09 July 2009

Writing Notes: Question Our Assumptions (QOA)

From time to time, I shall post errant thoughts about writing. These come at me from odd places, at odd times, and using the words of the immortal Ruth Stone, I reach out and snatch them by the tail. I hope you find these useful.

Question Our Assumptions (QOA):

As we write, we often reach for "fresh, new language" as a way to keep our stories from being stale, and yet there are other ways to enliven our stories without torturing language to wrest meaning onto the page.

One of these is what I call "question our assumptions." In any story, chapter, scene, paragraph, writers make story choices, but those choices are based upon assumptions, i.e., assumptions of gender, age, setting, social status, etc.

When a scene is not working, use QOA to test for fresh ideas.

For example: is the boy stuck in the tree really a boy? or is it a tomboy dressed in her brother's overalls? And go further! Maybe the girl has a brother who is her twin! And go even further! Maybe they're the surviving two of triplets, the third stillborn. Now we have a richness and depth and a range of possibilities we didn't have before. Just from questioning our assumption.

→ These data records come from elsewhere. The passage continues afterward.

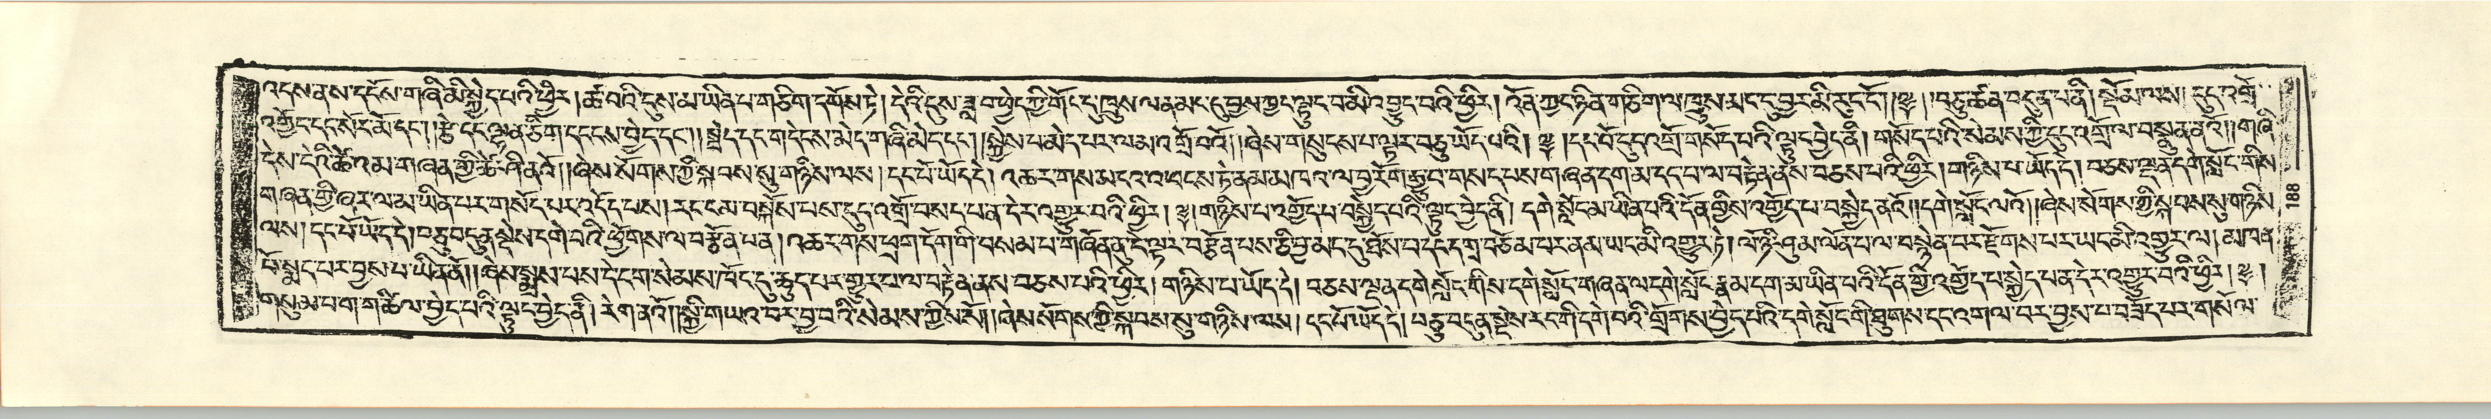འདས་ནས་དངོས་གཞི་མི་སྐྱེད་པའི་ཕྱིར། ཚ་བའི་དུས་མ་ཡིན་པ་གཅིག་དགོས་ཏེ། དེའི་དུས་ཟླ་བ་ཕྱེད་ཀྱི་གོང་དུ་ཁྲུས་ལན་མང་དུ་བྱས་ཀྱང་ལྟུང་བ་མི་འབྱུང་བའི་ཕྱིར། འོན་ཀྱང་ཉིན་གཅིག་ལ་ཁྲུས་མང་དུ་བྱར་མི་རུང་ངོ།། ༈ །།བཅུ་ཚན་བདུན་པ་ནི། སྡོམ་ལས། དུད་འགྲོ་
འགྱོང་དང་སོར་མོ་དང་། །རྩེ་དང་ལྷན་ཅིག་དངངས་བྱེད་དང་། །སྦེད་དང་གདེངས་མེད་གཞི་མེད་དང་། །སྐྱེས་པ་མེད་པར་ལམ་འགྲོ་བའོ། །ཞེས་གསུངས་པ་ལྟར་བཅུ་ཡོད་པའི། ༈ །དང་པོ་དུད་འགྲོ་གསོད་པའི་ལྟུང་བྱེད་ནི། གསོད་པའི་སེམས་ཀྱི་དུད་འགྲོ་ལ་བསྣུན་ནའོ། །གཞི་
དེས་དེའི་ཚེ་འམ་གཞན་གྱི་ཚེ་ཤི་ནའོ། །ཞེས་སོགས་ཀྱི་སྐབས་སུ་གཉིས་ལས། དང་པོ་ཡོད་དེ། འཆར་གས་མངའ་འཕངས་ཏེ་ནམ་མཁའ་ལ་བྱ་རོག་རྒྱུ་བ་གསད་པས་གཞན་དག་མ་དད་པ་ལ་བརྟེན་ནས་བཅས་པའི་ཕྱིར། གཉིས་པ་ཡོད་དེ། བཅས་ལྡན་དགེ་སློང་གིས་
གཞན་གྱི་ཞར་ལ་མ་ཡིན་པར་གསོང་པར་གསོད་པར་འདོད་པས། རང་ངམ་བསྐོས་པས་དུད་འགྲོ་བསད་པ་ན་དེར་འགྱུར་བའི་ཕྱིར། ༈ །གཉིས་པ་འགྱོད་པ་བསྐྱེད་པའི་ལྟུང་བྱེད་ནི། དགེ་སློང་མ་ཡིན་པའི་དོན་གྱིས་འགྱོད་པ་བསྐྱེད་ནའོ། །དགེ་སློང་ལའོ། །ཞེས་སོགས་ཀྱི་སྐབས་སུ་གཉིས་
ལས། དང་པོ་ཡོད་དེ། བཅུ་བདུན་སྡེས་དགེ་བའི་ཕྱོགས་ལ་བརྩོན་པ་ན། འཆར་གས་ཕྲག་དོག་གི་བསམ་པ་གཞོན་ནུ་དེ་ལྟར་བརྩོན་པས་ཅི་བྱ་མང་དུ་ཐོས་བ་དང་དགྲ་བཅོམ་པར་ནམ་ཡང་མི་འགྱུར་ཏེ། ལོ་ཉི་ཤུ་མ་ལོན་པ་ལ་བསྙེན་པར་རྫོགས་པར་ཡང་མི་འགྱུར་ལ། མཁན་
པོ་སྨད་པར་བྱས་པ་ཡིན་ནོ། །ཞེས་སྨྲས་པས་དེ་དག་སེམས་ཁོང་དུ་ཆུད་པར་གྱུར་པ་ལ་བརྟེན་ནས་བཅས་པའི་ཕྱིར། གཉིས་པ་ཡོད་དེ། བཅས་ལྡན་དགེ་སློང་གིས་དགེ་སློང་གཞན་ལ་དགེ་སློང་རྣམ་དག་མ་ཡིན་པའི་དོན་གྱི་འགྱོད་པ་སྐྱེད་པ་ན་དེར་འགྱུར་བའི་ཕྱིར། ༈ །
གསུམ་པ་ག་ག་ཚིལ་བྱེད་པའི་ལྟུང་བྱེད་ནི། རེག་ནའོ། །སྐྱི་གཡའ་བར་བྱ་བའི་སེམས་ཀྱིས་སོ། །ཞེས་སོགས་ཀྱི་སྐབས་སུ་གཉིས་ལས། དང་པོ་ཡོད་དེ། བཅུ་བདུན་སྡེས་རང་གི་དགེ་བའི་གྲོགས་བྱེད་པའི་དགེ་སློང་གི་ཐུགས་དང་འགལ་བར་བྱས་བ་བཟོད་པར་གསོལ་

Another example: does the woman really sit down in the chair? or does that woman REFUSE to sit down? When your character confounds the expectations of the OTHER characters, your readers are also startled. What words come out of that woman's mouth now?

So when you find yourself annoyed or bored by what's falling on the page under your fingertips, QOA! Don't do it in your head. Make a physical list---on a scrap piece of paper, if you have nothing else---and see what you are assuming.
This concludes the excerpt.